**Task details**
The data below should be printed in full, exactly, and without any of its images.

**Exercise data**

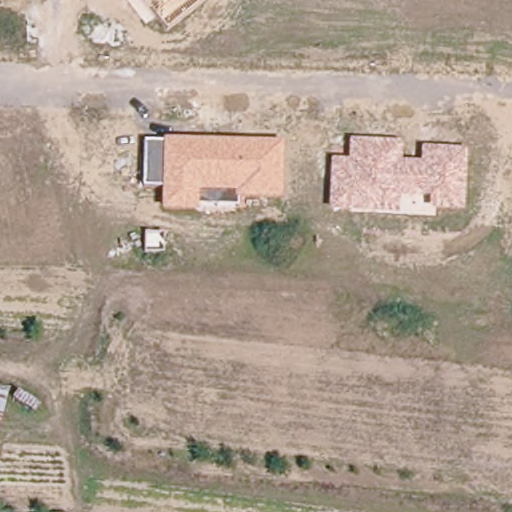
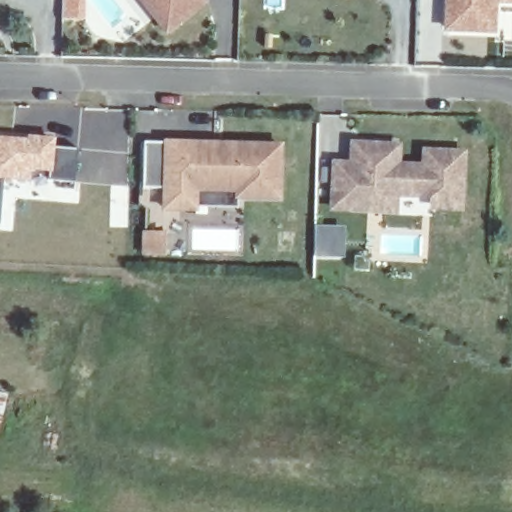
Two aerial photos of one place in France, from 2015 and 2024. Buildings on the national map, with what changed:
unchanged [(204,1),(166,31),(156,16),(159,7),(153,0),(203,0),(204,1)]
new [(450,0),(512,0),(512,1),(496,1),(495,31),(477,31),(448,30),(450,0)]
new [(27,140),(27,136),(56,139),(55,149),(75,151),(72,182),(50,180),(50,173),(31,172),(30,182),(2,180),(0,208),(0,137),(27,140)]
unchanged [(163,189),(143,188),(145,142),(164,142),(164,140),(284,143),(282,202),(239,200),(239,209),(199,206),(199,214),(162,211),(163,189)]
unchanged [(331,159),(349,161),(350,140),(403,144),(403,162),(420,163),(421,148),(468,151),(465,214),(431,212),(432,201),(400,198),(398,217),(329,212),(331,165),(331,159)]
unchanged [(10,399),(0,432),(0,396),(10,399)]

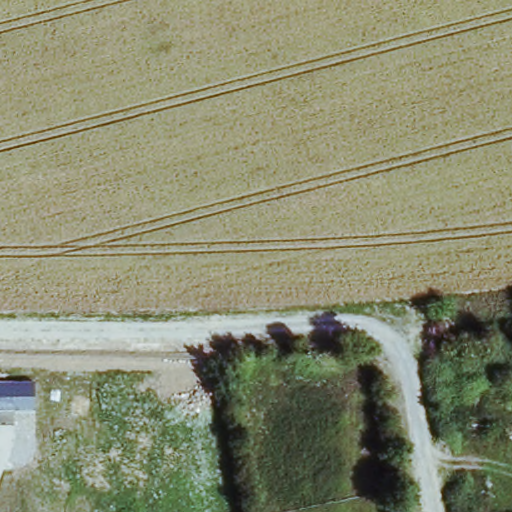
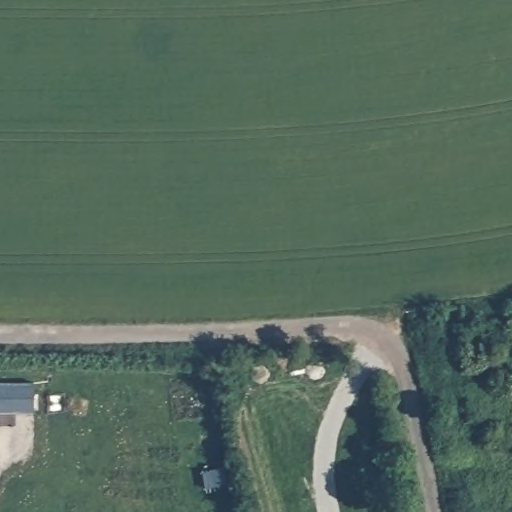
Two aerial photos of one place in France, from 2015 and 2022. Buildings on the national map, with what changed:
unchanged [(35,412),(0,411),(0,381),(35,381),(35,412)]

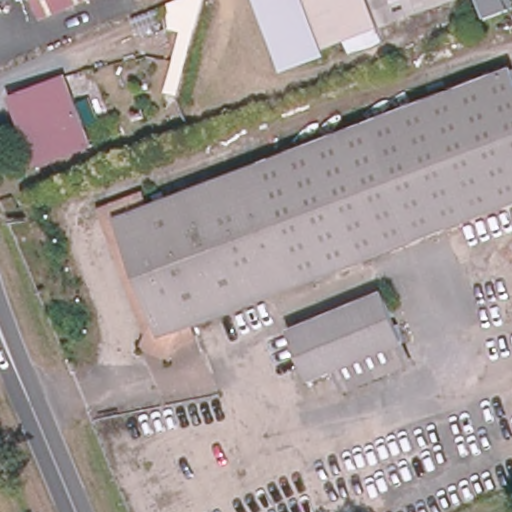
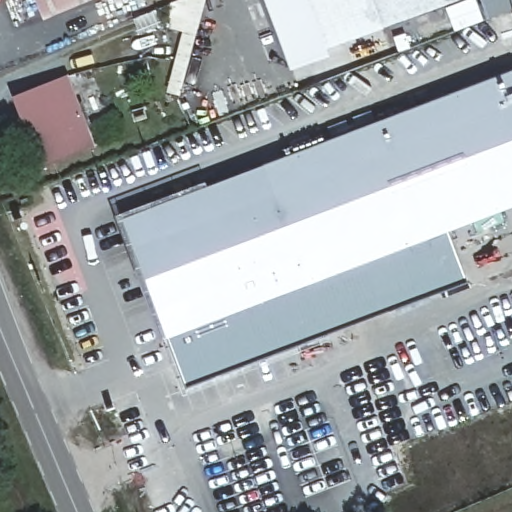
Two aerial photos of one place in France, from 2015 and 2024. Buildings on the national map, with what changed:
unchanged [(43,18),(36,0),(87,0),(43,18)]
unchanged [(179,96),(166,92),(182,32),(167,29),(164,6),(178,0),(203,0),(179,96)]
unchanged [(322,47),(324,53),(284,68),(258,0),(446,0),(322,47)]
unchanged [(488,18),(480,0),(512,0),(512,8),(488,18)]
unchanged [(512,69),(512,202),(192,324),(165,334),(121,218),(150,207),(512,69)]
unchanged [(86,149),(45,165),(20,98),(61,82),(86,149)]
new [(184,386),(168,333),(192,324),(449,227),(466,281),(184,386)]
demolished [(406,342),(401,344),(337,371),(313,381),(292,329),(385,291),(406,342)]

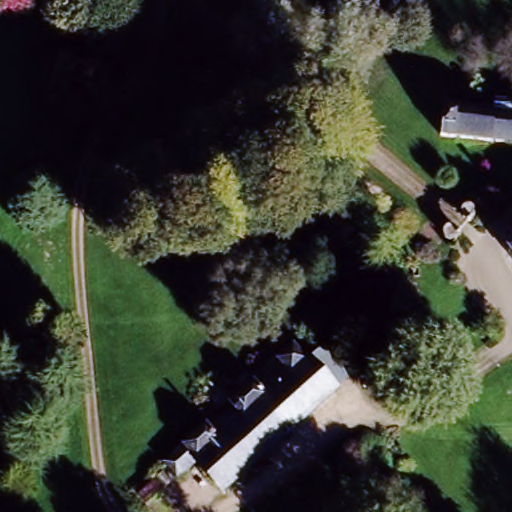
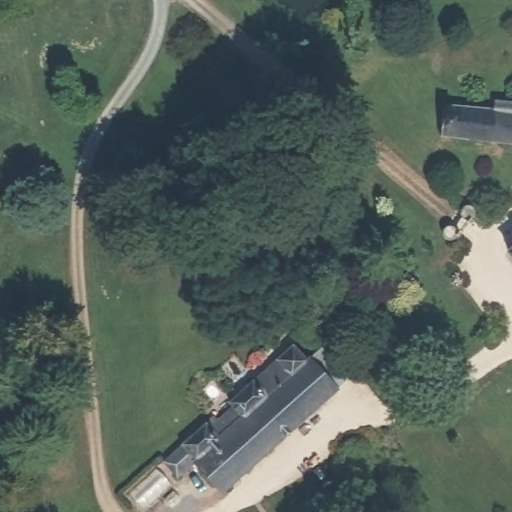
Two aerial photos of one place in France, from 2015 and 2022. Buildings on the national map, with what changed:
unchanged [(512,145),(442,138),(446,103),(497,108),(499,100),(512,101),(512,145)]
unchanged [(366,363),(339,387),(303,345),(329,321),(366,363)]
unchanged [(169,458),(184,445),(214,419),(225,432),(246,415),(235,403),(261,380),(272,393),(294,375),(283,362),(303,345),(339,387),(223,488),(197,458),(182,472),(169,458)]

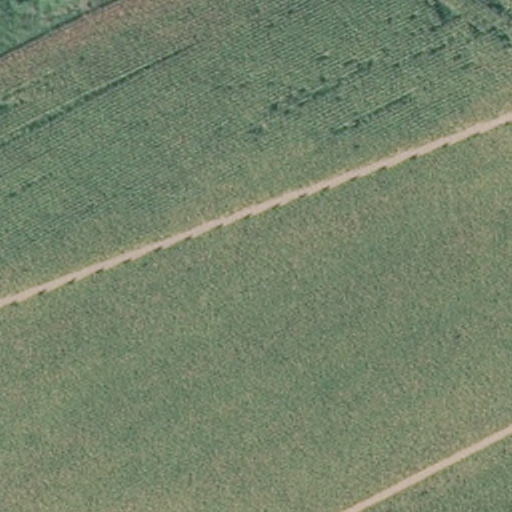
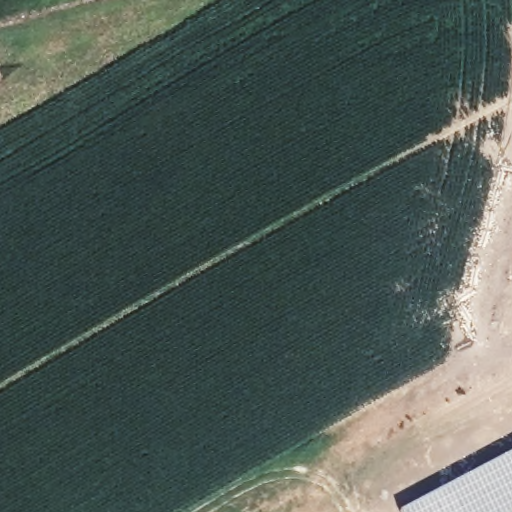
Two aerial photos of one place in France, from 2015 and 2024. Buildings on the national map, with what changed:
new [(512,454),(512,512),(403,512),(512,454)]

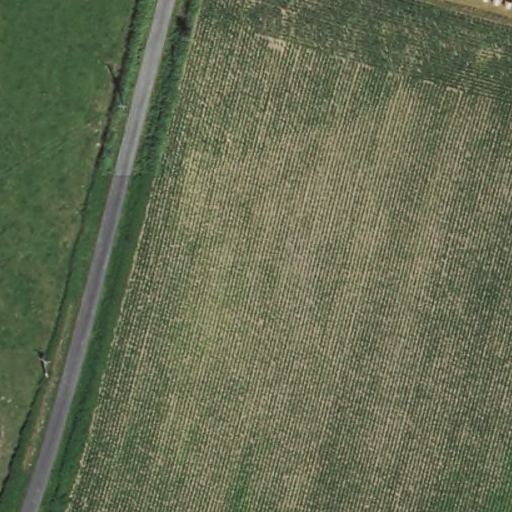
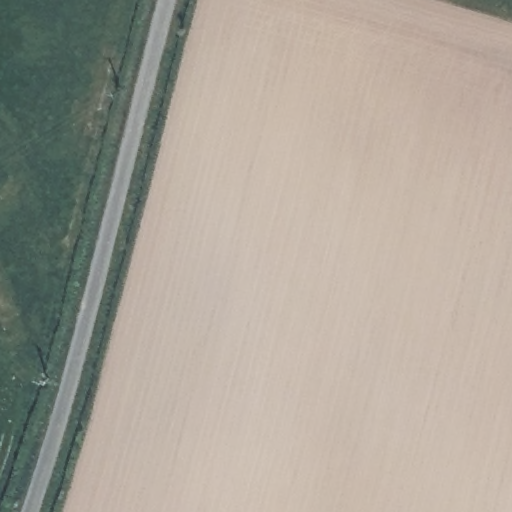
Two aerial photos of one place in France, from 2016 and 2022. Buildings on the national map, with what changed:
unchanged [(31,395),(35,378),(48,381),(43,398),(31,395)]

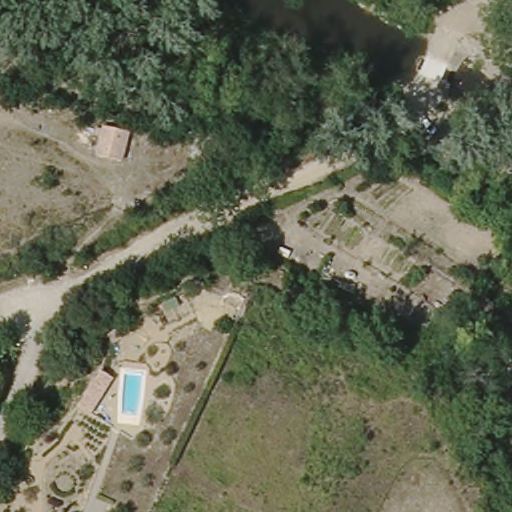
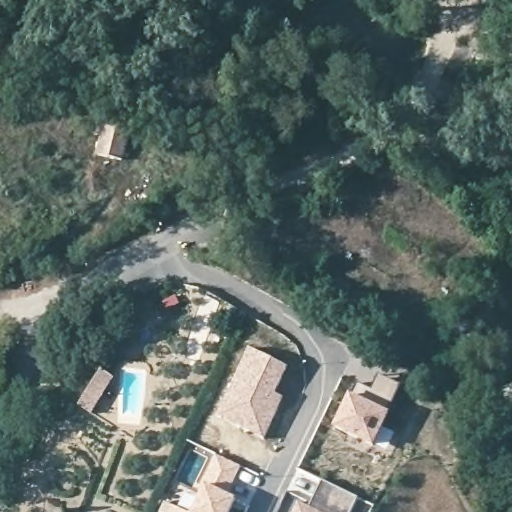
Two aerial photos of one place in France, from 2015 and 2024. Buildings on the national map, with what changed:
unchanged [(131,136),(123,165),(98,157),(105,128),(131,136)]
unchanged [(485,320),(473,311),(484,296),(496,305),(485,320)]
new [(218,418),(248,350),(288,369),(275,395),(284,399),(264,439),(218,418)]
new [(374,394),(381,379),(389,383),(404,390),(376,449),(339,431),(360,387),(374,394)]
new [(236,501),(231,512),(194,512),(206,488),(201,487),(216,455),(241,467),(228,497),(236,501)]
new [(292,512),(298,500),(322,512),(292,512)]
new [(185,512),(172,512),(175,506),(185,512)]

**Output below**
Two aerial photos of one place in France, from 2015 and 2024. Buildings on the national map, with what changed:
unchanged [(204,1),(166,31),(156,16),(159,7),(153,0),(203,0),(204,1)]
new [(450,0),(512,0),(512,1),(496,1),(495,31),(477,31),(448,30),(450,0)]
new [(27,140),(27,136),(56,139),(55,149),(75,151),(72,182),(50,180),(50,173),(31,172),(30,182),(2,180),(0,208),(0,137),(27,140)]
unchanged [(163,189),(143,188),(145,142),(164,142),(164,140),(284,143),(282,202),(239,200),(239,209),(199,206),(199,214),(162,211),(163,189)]
unchanged [(331,159),(349,161),(350,140),(403,144),(403,162),(420,163),(421,148),(468,151),(465,214),(431,212),(432,201),(400,198),(398,217),(329,212),(331,165),(331,159)]
unchanged [(10,399),(0,432),(0,396),(10,399)]

Two aerial photos of one place in France, from 2015 and 2022. Buildings on the national map, with what changed:
unchanged [(35,412),(0,411),(0,381),(35,381),(35,412)]

Two aerial photos of one place in France, from 2015 and 2024. Buildings on the national map, with what changed:
unchanged [(43,18),(36,0),(87,0),(43,18)]
unchanged [(179,96),(166,92),(182,32),(167,29),(164,6),(178,0),(203,0),(179,96)]
unchanged [(322,47),(324,53),(284,68),(258,0),(446,0),(322,47)]
unchanged [(488,18),(480,0),(512,0),(512,8),(488,18)]
unchanged [(512,69),(512,202),(192,324),(165,334),(121,218),(150,207),(512,69)]
unchanged [(86,149),(45,165),(20,98),(61,82),(86,149)]
new [(184,386),(168,333),(192,324),(449,227),(466,281),(184,386)]
demolished [(406,342),(401,344),(337,371),(313,381),(292,329),(385,291),(406,342)]

Two aerial photos of one place in France, from 2015 and 2022. Buildings on the national map, with what changed:
unchanged [(512,145),(442,138),(446,103),(497,108),(499,100),(512,101),(512,145)]
unchanged [(366,363),(339,387),(303,345),(329,321),(366,363)]
unchanged [(169,458),(184,445),(214,419),(225,432),(246,415),(235,403),(261,380),(272,393),(294,375),(283,362),(303,345),(339,387),(223,488),(197,458),(182,472),(169,458)]

Two aerial photos of one place in France, from 2015 and 2024. Buildings on the national map, with what changed:
new [(512,454),(512,512),(403,512),(512,454)]

Two aerial photos of one place in France, from 2016 and 2022. Buildings on the national map, with what changed:
unchanged [(31,395),(35,378),(48,381),(43,398),(31,395)]

Two aerial photos of one place in France, from 2015 and 2024. Buildings on the national map, with what changed:
unchanged [(131,136),(123,165),(98,157),(105,128),(131,136)]
unchanged [(485,320),(473,311),(484,296),(496,305),(485,320)]
new [(218,418),(248,350),(288,369),(275,395),(284,399),(264,439),(218,418)]
new [(374,394),(381,379),(389,383),(404,390),(376,449),(339,431),(360,387),(374,394)]
new [(236,501),(231,512),(194,512),(206,488),(201,487),(216,455),(241,467),(228,497),(236,501)]
new [(292,512),(298,500),(322,512),(292,512)]
new [(185,512),(172,512),(175,506),(185,512)]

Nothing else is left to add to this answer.